> [WORK ORDER] Determine the number of lines in the data that include the word "height", and write only that number.
BEGIN AVAILABLE RECORDS
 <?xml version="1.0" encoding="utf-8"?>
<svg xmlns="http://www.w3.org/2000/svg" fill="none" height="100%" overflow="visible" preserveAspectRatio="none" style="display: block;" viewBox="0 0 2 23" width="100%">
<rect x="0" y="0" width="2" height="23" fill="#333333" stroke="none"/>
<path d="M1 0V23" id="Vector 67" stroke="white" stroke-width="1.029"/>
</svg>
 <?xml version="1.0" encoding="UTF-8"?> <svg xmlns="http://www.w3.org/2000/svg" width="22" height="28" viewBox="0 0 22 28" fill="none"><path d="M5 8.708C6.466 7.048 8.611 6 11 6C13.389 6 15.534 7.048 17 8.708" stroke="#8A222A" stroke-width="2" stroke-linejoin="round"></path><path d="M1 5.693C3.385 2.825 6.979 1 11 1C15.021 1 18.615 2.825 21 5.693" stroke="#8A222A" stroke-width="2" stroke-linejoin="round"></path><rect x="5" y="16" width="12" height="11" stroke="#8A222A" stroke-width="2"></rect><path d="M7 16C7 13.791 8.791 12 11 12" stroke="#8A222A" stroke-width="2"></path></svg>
END AVAILABLE RECORDS
> [ANSWER SPACE] 3